**EXERCISE PROMPT:** Apart from the images, output the data below exactly.

RECORDS PROVIDED START

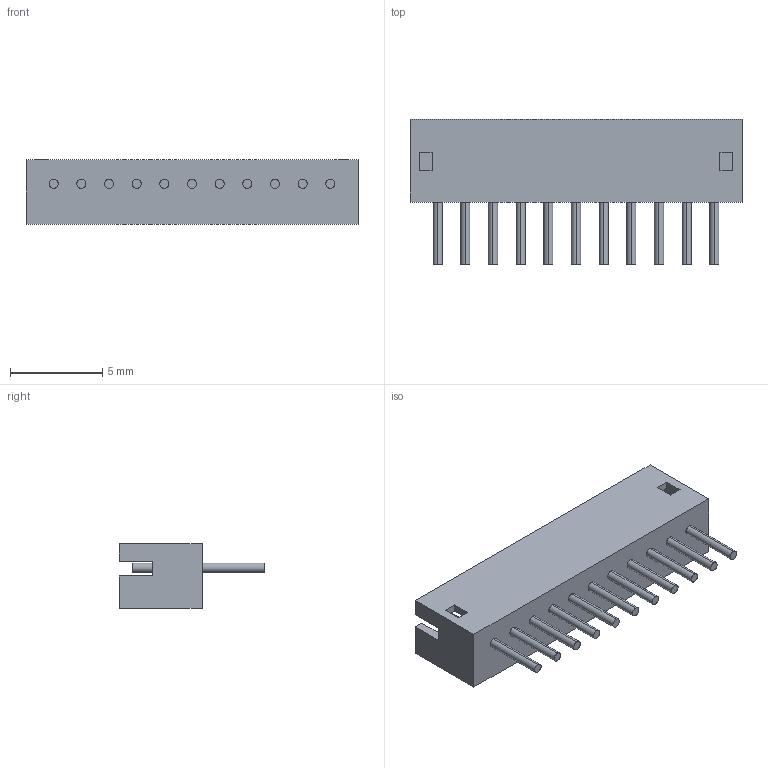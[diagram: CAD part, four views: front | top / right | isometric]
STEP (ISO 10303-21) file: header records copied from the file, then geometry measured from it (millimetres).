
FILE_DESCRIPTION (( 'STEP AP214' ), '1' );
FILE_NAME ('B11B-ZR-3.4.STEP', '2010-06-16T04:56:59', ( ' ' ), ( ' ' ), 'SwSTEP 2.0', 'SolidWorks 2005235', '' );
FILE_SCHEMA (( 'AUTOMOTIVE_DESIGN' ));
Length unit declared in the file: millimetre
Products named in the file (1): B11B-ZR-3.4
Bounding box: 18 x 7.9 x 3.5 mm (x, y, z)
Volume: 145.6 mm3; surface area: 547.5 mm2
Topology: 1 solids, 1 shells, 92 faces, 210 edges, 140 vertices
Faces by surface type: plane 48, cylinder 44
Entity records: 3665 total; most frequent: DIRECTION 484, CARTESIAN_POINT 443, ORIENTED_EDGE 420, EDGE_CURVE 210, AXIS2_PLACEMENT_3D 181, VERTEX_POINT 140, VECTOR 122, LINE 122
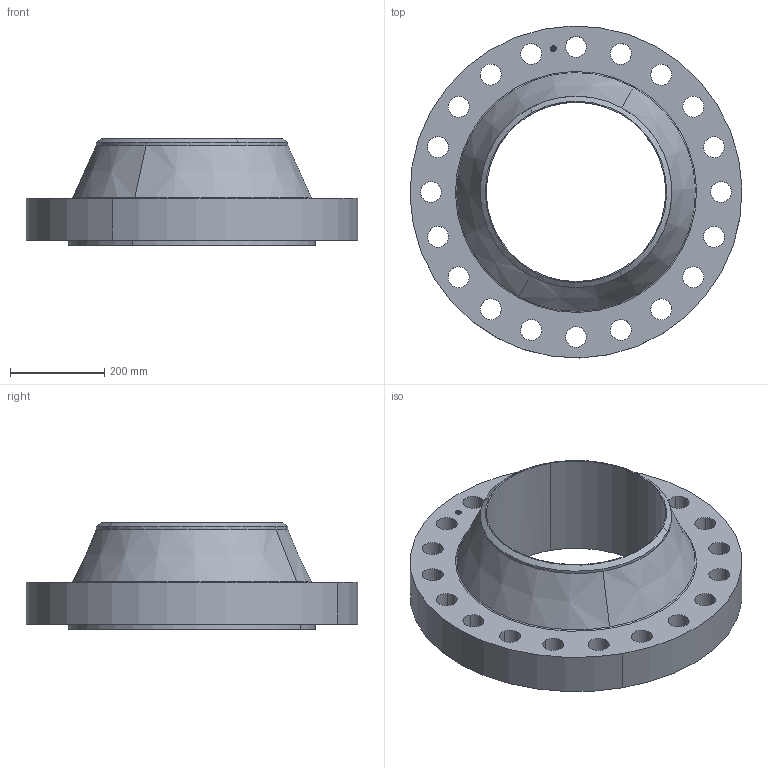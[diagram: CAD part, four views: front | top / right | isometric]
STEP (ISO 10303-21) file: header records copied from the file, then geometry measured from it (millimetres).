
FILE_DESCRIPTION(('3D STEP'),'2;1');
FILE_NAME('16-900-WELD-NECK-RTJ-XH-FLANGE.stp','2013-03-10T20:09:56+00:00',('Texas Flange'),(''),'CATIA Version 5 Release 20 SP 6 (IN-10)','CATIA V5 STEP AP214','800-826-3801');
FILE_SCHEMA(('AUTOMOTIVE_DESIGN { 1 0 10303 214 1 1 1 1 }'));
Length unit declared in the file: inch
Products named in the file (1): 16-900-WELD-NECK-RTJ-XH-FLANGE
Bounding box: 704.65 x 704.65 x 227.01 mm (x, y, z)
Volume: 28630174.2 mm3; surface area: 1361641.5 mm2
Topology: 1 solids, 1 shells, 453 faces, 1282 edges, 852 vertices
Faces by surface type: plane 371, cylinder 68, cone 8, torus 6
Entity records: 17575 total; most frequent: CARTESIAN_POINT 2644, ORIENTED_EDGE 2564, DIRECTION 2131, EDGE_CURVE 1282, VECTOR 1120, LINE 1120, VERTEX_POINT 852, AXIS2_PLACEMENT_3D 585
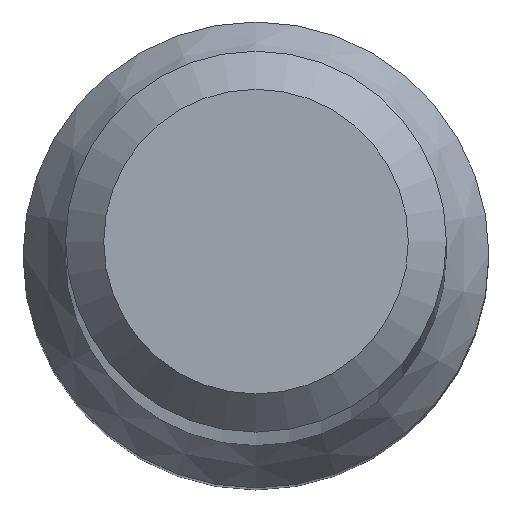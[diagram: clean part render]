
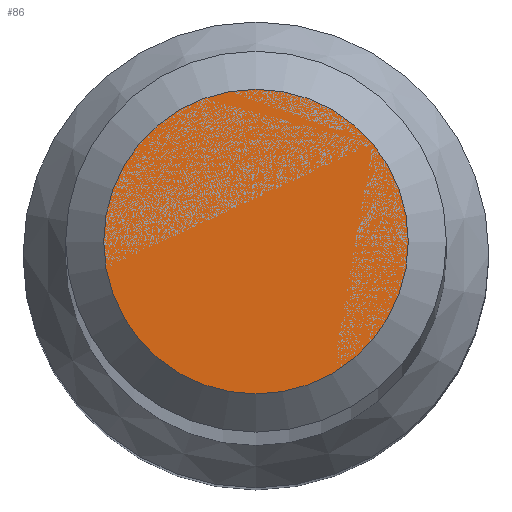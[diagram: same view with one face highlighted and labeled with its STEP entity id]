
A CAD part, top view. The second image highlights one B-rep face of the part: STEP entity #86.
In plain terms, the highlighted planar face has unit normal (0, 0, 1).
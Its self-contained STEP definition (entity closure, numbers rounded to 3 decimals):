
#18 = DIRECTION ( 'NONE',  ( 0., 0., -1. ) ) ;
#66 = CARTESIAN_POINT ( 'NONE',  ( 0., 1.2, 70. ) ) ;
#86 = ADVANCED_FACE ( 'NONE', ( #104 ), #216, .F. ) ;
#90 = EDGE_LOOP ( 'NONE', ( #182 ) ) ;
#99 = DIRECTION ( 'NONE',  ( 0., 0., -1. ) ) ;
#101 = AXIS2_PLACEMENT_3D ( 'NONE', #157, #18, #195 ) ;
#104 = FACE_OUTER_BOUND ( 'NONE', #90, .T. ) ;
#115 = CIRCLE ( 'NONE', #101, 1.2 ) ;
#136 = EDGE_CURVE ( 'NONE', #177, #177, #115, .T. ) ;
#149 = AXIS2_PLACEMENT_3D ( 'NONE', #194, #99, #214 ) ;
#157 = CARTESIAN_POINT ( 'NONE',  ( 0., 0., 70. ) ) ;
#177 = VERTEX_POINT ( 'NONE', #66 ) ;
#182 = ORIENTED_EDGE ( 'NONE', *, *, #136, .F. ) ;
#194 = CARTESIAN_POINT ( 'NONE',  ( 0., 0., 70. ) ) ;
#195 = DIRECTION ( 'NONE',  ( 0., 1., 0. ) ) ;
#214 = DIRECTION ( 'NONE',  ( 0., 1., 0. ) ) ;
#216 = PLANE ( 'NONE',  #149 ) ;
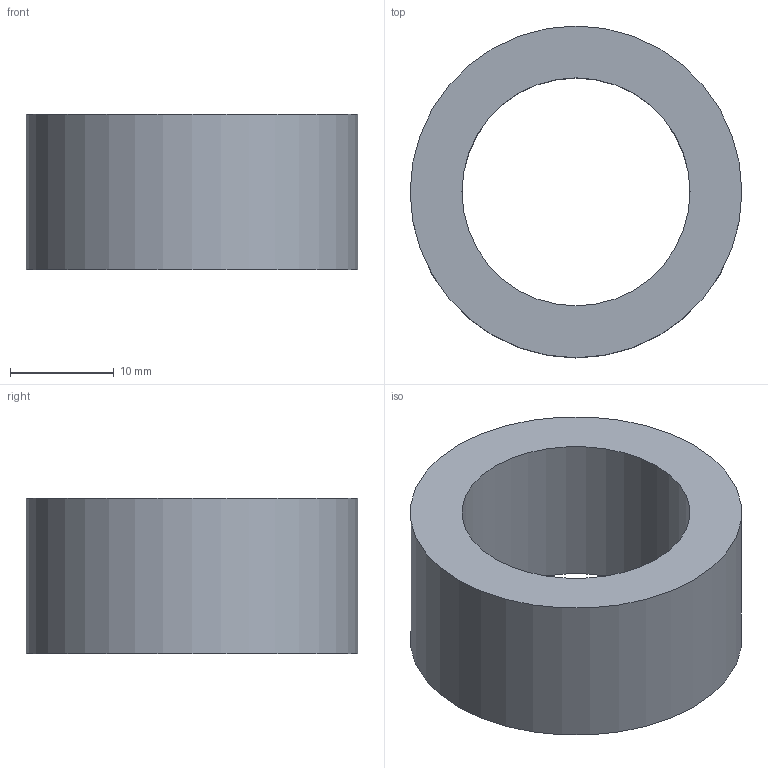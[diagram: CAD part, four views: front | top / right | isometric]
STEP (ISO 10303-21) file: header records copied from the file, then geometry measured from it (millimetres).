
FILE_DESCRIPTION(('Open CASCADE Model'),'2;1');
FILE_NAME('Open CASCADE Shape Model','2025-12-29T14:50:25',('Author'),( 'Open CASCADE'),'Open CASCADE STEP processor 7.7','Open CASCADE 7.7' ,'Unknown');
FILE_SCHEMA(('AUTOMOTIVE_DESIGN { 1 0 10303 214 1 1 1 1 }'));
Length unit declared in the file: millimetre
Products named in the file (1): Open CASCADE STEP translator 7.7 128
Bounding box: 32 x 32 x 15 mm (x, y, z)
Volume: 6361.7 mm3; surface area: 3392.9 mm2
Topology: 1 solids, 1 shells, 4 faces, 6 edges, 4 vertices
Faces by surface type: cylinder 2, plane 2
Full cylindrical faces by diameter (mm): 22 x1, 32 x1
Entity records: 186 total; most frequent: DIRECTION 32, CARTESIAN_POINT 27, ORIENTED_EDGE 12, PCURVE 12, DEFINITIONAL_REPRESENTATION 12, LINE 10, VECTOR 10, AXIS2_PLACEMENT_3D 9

RECORDS PROVIDED END

**EXERCISE OUTPUT:**
[diagram: CAD part, four views: front | top / right | isometric]
STEP (ISO 10303-21) file: header records copied from the file, then geometry measured from it (millimetres).
FILE_DESCRIPTION (( 'STEP AP214' ), '1' );
FILE_NAME ('B11B-ZR-3.4.STEP', '2010-06-16T04:56:59', ( ' ' ), ( ' ' ), 'SwSTEP 2.0', 'SolidWorks 2005235', '' );
FILE_SCHEMA (( 'AUTOMOTIVE_DESIGN' ));
Length unit declared in the file: millimetre
Products named in the file (1): B11B-ZR-3.4
Bounding box: 18 x 7.9 x 3.5 mm (x, y, z)
Volume: 145.6 mm3; surface area: 547.5 mm2
Topology: 1 solids, 1 shells, 92 faces, 210 edges, 140 vertices
Faces by surface type: plane 48, cylinder 44
Entity records: 3665 total; most frequent: DIRECTION 484, CARTESIAN_POINT 443, ORIENTED_EDGE 420, EDGE_CURVE 210, AXIS2_PLACEMENT_3D 181, VERTEX_POINT 140, VECTOR 122, LINE 122
[diagram: CAD part, four views: front | top / right | isometric]
STEP (ISO 10303-21) file: header records copied from the file, then geometry measured from it (millimetres).
FILE_DESCRIPTION(('3D STEP'),'2;1');
FILE_NAME('16-900-WELD-NECK-RTJ-XH-FLANGE.stp','2013-03-10T20:09:56+00:00',('Texas Flange'),(''),'CATIA Version 5 Release 20 SP 6 (IN-10)','CATIA V5 STEP AP214','800-826-3801');
FILE_SCHEMA(('AUTOMOTIVE_DESIGN { 1 0 10303 214 1 1 1 1 }'));
Length unit declared in the file: inch
Products named in the file (1): 16-900-WELD-NECK-RTJ-XH-FLANGE
Bounding box: 704.65 x 704.65 x 227.01 mm (x, y, z)
Volume: 28630174.2 mm3; surface area: 1361641.5 mm2
Topology: 1 solids, 1 shells, 453 faces, 1282 edges, 852 vertices
Faces by surface type: plane 371, cylinder 68, cone 8, torus 6
Entity records: 17575 total; most frequent: CARTESIAN_POINT 2644, ORIENTED_EDGE 2564, DIRECTION 2131, EDGE_CURVE 1282, VECTOR 1120, LINE 1120, VERTEX_POINT 852, AXIS2_PLACEMENT_3D 585
[diagram: clean part render]
[diagram: same view with one face highlighted and labeled with its STEP entity id]
A CAD part, top view. The second image highlights one B-rep face of the part: STEP entity #86.
In plain terms, the highlighted planar face has unit normal (0, 0, 1).
Its self-contained STEP definition (entity closure, numbers rounded to 3 decimals):
#18 = DIRECTION ( 'NONE',  ( 0., 0., -1. ) ) ;
#66 = CARTESIAN_POINT ( 'NONE',  ( 0., 1.2, 70. ) ) ;
#86 = ADVANCED_FACE ( 'NONE', ( #104 ), #216, .F. ) ;
#90 = EDGE_LOOP ( 'NONE', ( #182 ) ) ;
#99 = DIRECTION ( 'NONE',  ( 0., 0., -1. ) ) ;
#101 = AXIS2_PLACEMENT_3D ( 'NONE', #157, #18, #195 ) ;
#104 = FACE_OUTER_BOUND ( 'NONE', #90, .T. ) ;
#115 = CIRCLE ( 'NONE', #101, 1.2 ) ;
#136 = EDGE_CURVE ( 'NONE', #177, #177, #115, .T. ) ;
#149 = AXIS2_PLACEMENT_3D ( 'NONE', #194, #99, #214 ) ;
#157 = CARTESIAN_POINT ( 'NONE',  ( 0., 0., 70. ) ) ;
#177 = VERTEX_POINT ( 'NONE', #66 ) ;
#182 = ORIENTED_EDGE ( 'NONE', *, *, #136, .F. ) ;
#194 = CARTESIAN_POINT ( 'NONE',  ( 0., 0., 70. ) ) ;
#195 = DIRECTION ( 'NONE',  ( 0., 1., 0. ) ) ;
#214 = DIRECTION ( 'NONE',  ( 0., 1., 0. ) ) ;
#216 = PLANE ( 'NONE',  #149 ) ;
[diagram: CAD part, four views: front | top / right | isometric]
STEP (ISO 10303-21) file: header records copied from the file, then geometry measured from it (millimetres).
FILE_DESCRIPTION(('Open CASCADE Model'),'2;1');
FILE_NAME('Open CASCADE Shape Model','2025-12-29T14:50:25',('Author'),( 'Open CASCADE'),'Open CASCADE STEP processor 7.7','Open CASCADE 7.7' ,'Unknown');
FILE_SCHEMA(('AUTOMOTIVE_DESIGN { 1 0 10303 214 1 1 1 1 }'));
Length unit declared in the file: millimetre
Products named in the file (1): Open CASCADE STEP translator 7.7 128
Bounding box: 32 x 32 x 15 mm (x, y, z)
Volume: 6361.7 mm3; surface area: 3392.9 mm2
Topology: 1 solids, 1 shells, 4 faces, 6 edges, 4 vertices
Faces by surface type: cylinder 2, plane 2
Full cylindrical faces by diameter (mm): 22 x1, 32 x1
Entity records: 186 total; most frequent: DIRECTION 32, CARTESIAN_POINT 27, ORIENTED_EDGE 12, PCURVE 12, DEFINITIONAL_REPRESENTATION 12, LINE 10, VECTOR 10, AXIS2_PLACEMENT_3D 9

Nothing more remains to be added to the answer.